January 19, 2011 by abbyo
In addition to watching lots and lots of movies, another hobby I have is cooking. I have a bunch of recipe books, but the one I use more than any other is the America’s Test Kitchen Family Cookbook. I like this cookbook because it’s mostly made up of the kind of recipes I like best: the ones that take something simple that I already know I like (for instance, apple pie or macaroni and cheese), and change it, ever so slightly, to make it even better. Everything I liked about the original dish is still there, but it’s been enhanced all because of a few simple changes.
Sometimes, a good remake is like food made with the America’s Test Kitchen Family Cookbook. The original movie is great, a beloved classic. But then the remake comes along, takes everything you loved about the original, and changes it to fit a newer era.

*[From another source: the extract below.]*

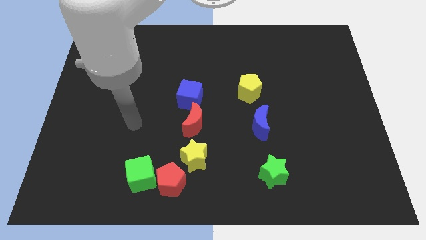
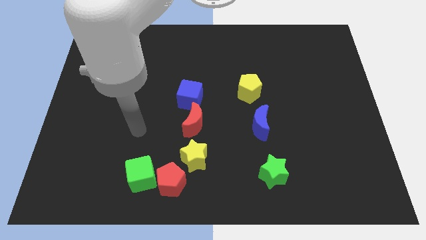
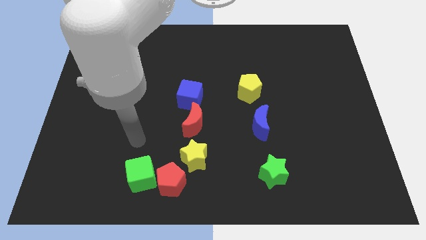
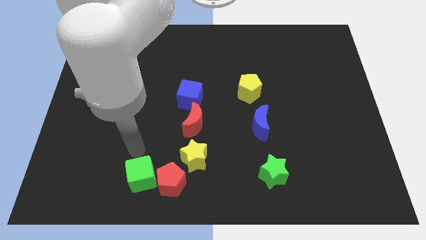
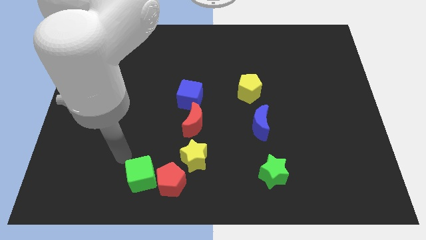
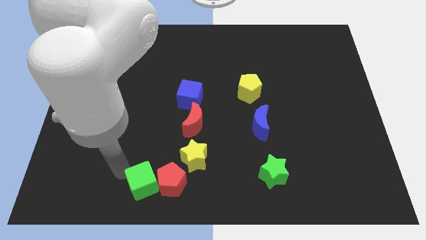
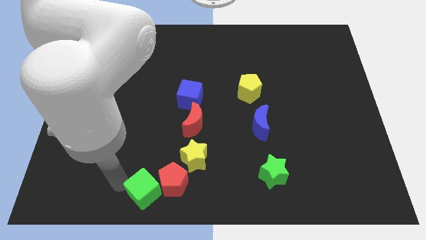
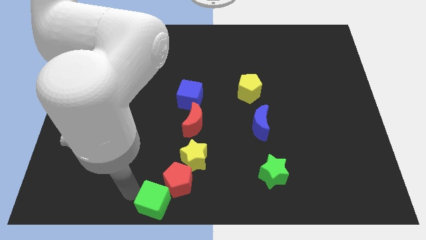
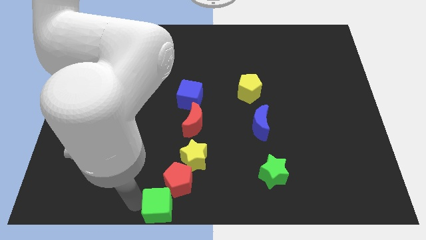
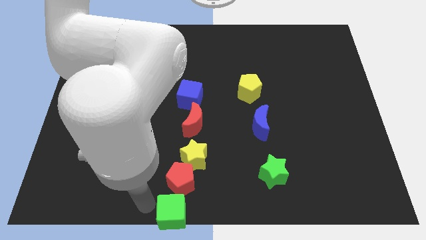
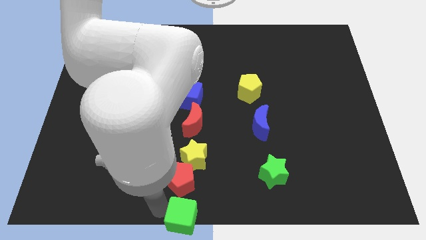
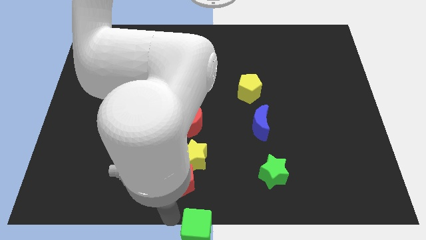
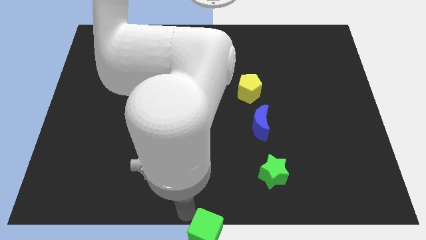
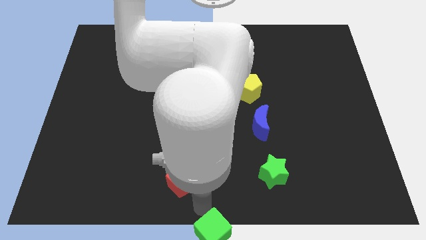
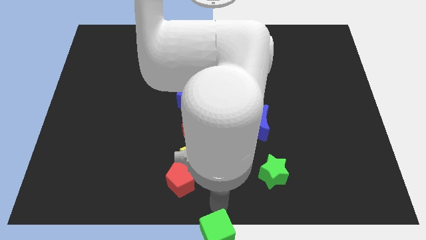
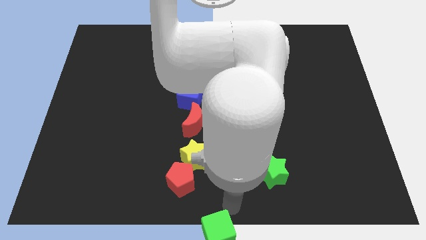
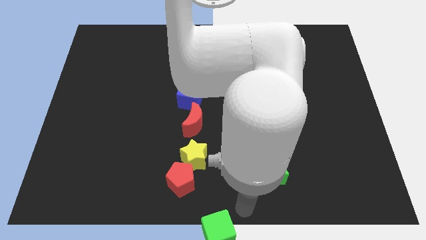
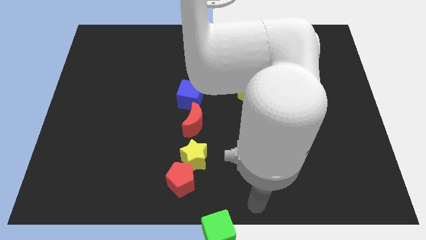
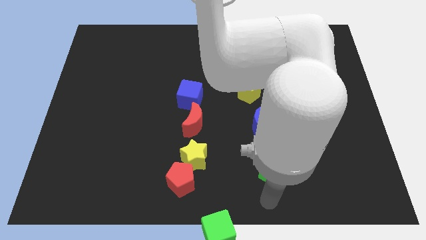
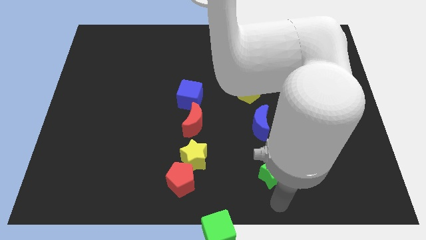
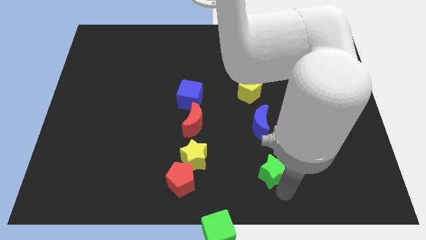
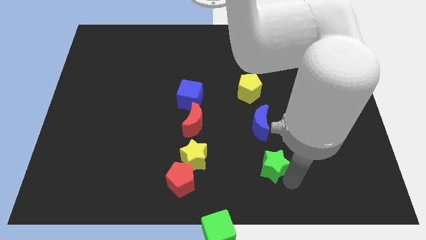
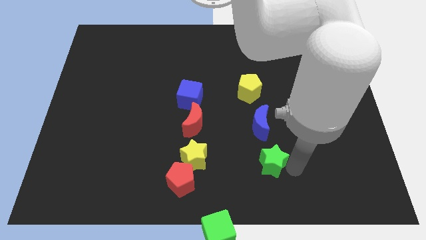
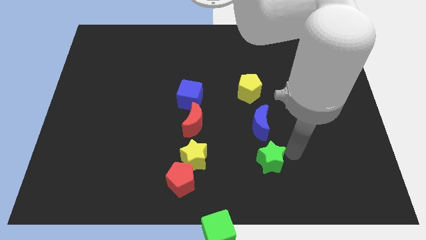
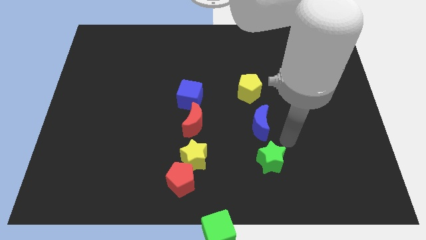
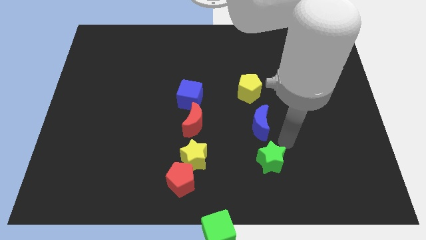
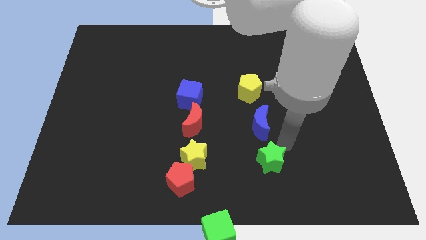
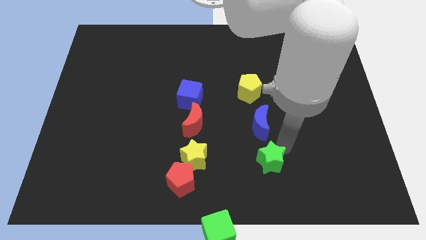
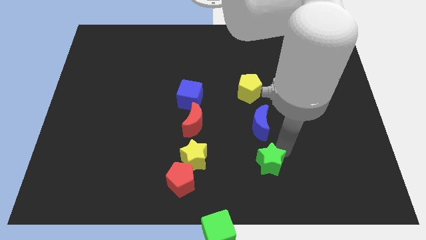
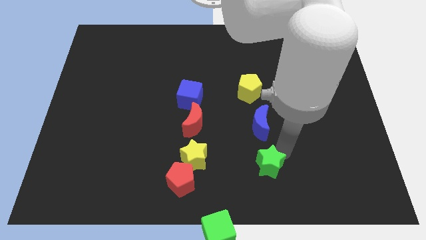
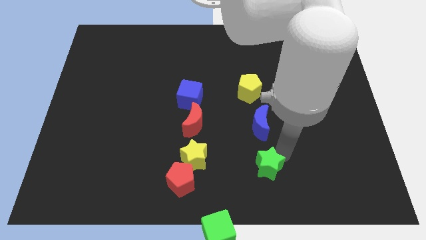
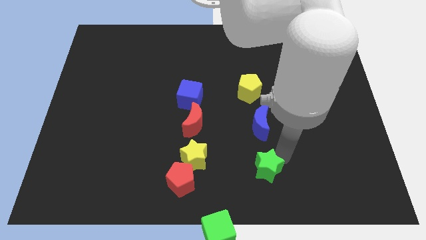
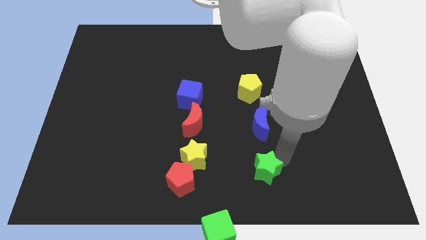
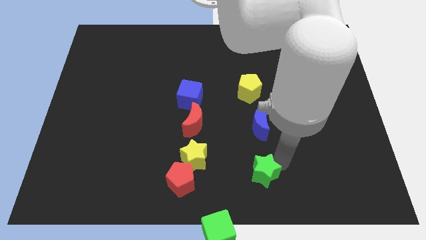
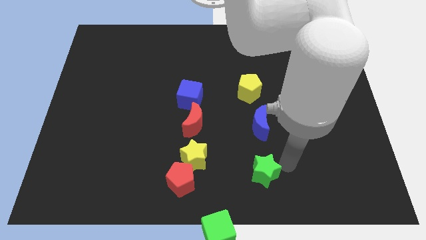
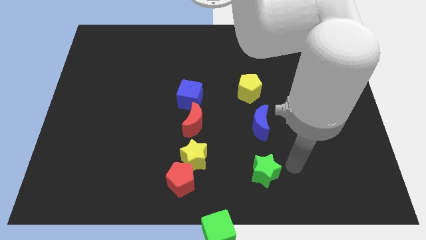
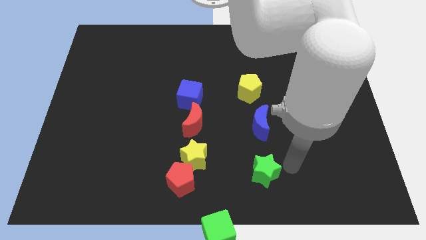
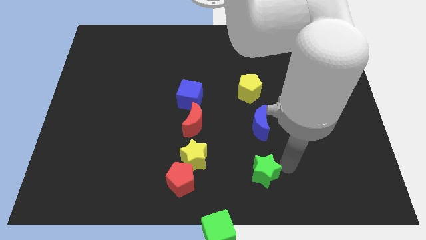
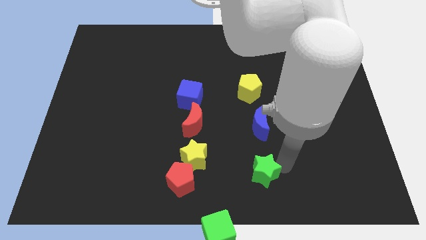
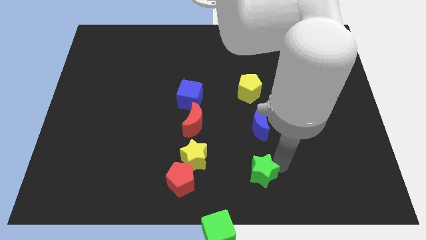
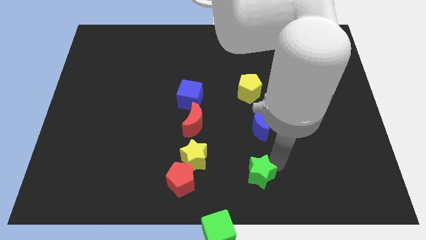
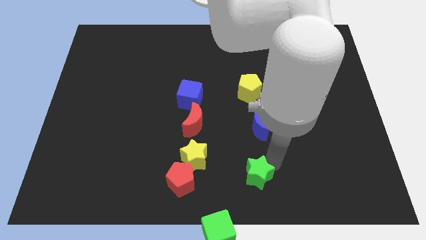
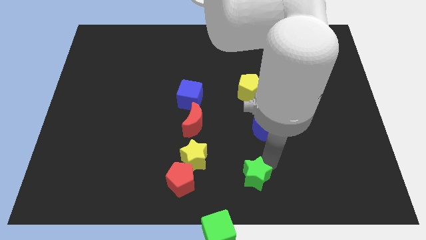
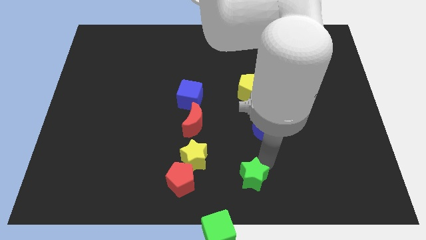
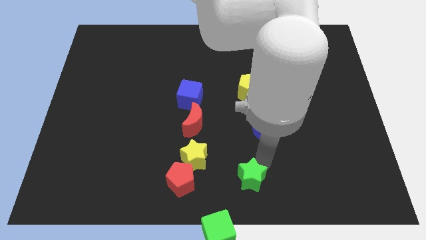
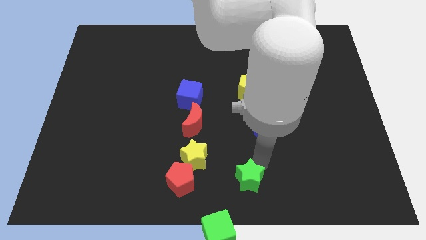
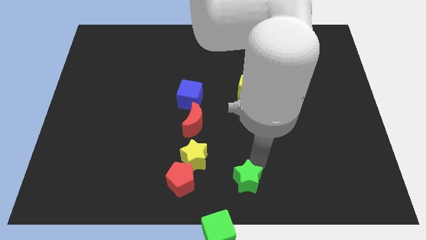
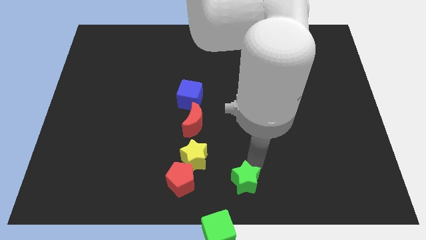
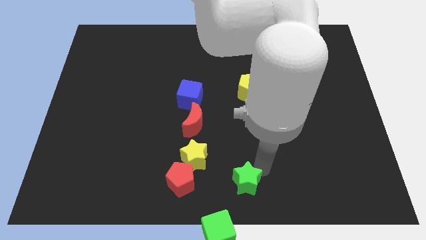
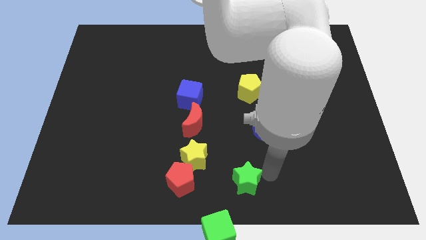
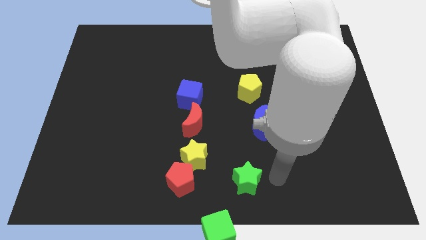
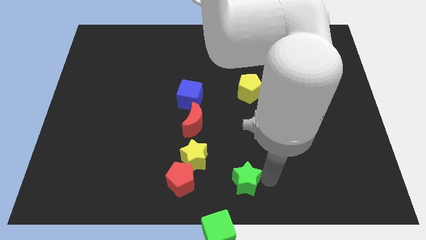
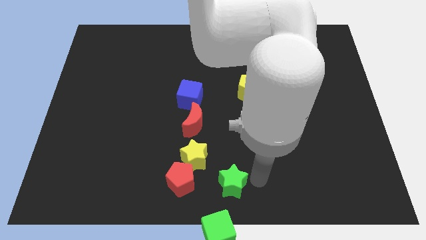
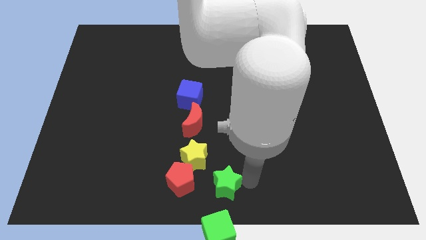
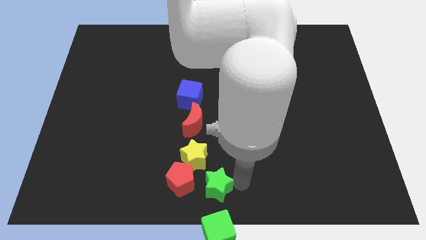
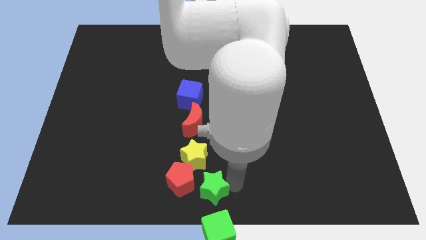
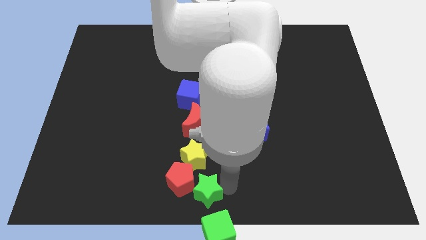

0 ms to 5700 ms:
put the green star close to the red pentagon

In this case, the original film is the 1940 Ernst Lubitsch picture “The Shop Around the Corner” and the remake is Nora Ephron’s 1998 update, “You’ve Got Mail.” Both are comfort food movies, the kind you watch on a cold afternoon or evening on the couch with popcorn and hot chocolate. They are very similar movies, but each is different enough to be good in its own right. It’s a credit to Ephron that she was able to retain the classic, cozy and lovable feel of the original movie while creating a film that still feels very much of its time.

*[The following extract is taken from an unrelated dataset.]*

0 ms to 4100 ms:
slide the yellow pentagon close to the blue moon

I should note here that my actual reaction to these two films is a bit backwards. I had not seen “The Shop Around the Corner” until very recently, while I remember watching “You’ve Got Mail” in a movie theater with my parents the year it came out (in other words, it’s a long time favorite). However, in watching Lubitsch’s movie, it was clear to me that Ephron had been immensely respectful and creative in re-writing the script, which I found impressive. In fact, several scenes from the original film are preserved practically line for line, with a few small differences. But Ephron goes beyond the clever dialogue and well-staged scenes of Lubitsch’s movie to create characters with fully-fledged personal lives, surrounded by friends and family members who are every bit as interesting as they are.
In “The Shop Around the Corner,” Jimmy Stewart plays Alfred, a salesman at a leather goods store. He’s worked at the store a long time, is a good worker and honest and smart to boot. We find out that he’s been corresponding with a young woman by letter after answering an ad she put in the paper for a male pen pal (note to self: must try that sometime…), and he’s fairly sure he’s in love. Klara (Margaret Sullavan) is Stewart’s new co-worker. They don’t get along, but unbeknownst to both of them, she’s the woman Stewart’s been writing to. Hijinks ensue.
“You’ve Got Mail” uses this same basic setup, but puts the characters in different-yet-intersecting professional circles. Tom Hanks and Meg Ryan’s characters correspond by e-mail, neither of them knowing that they are business competitors. Hanks helps run a Barnes & Noble-style bookstore chain owned by his family. Ryan also operates a family business—a small children’s bookstore (called “The Shop Around the Corner”) first operated by her late mother, a shop whose future is endangered by the opening of Hanks’ new bookstore a few blocks away. In public, they’re enemies. But in letters, they are each other’s anonymous confidante.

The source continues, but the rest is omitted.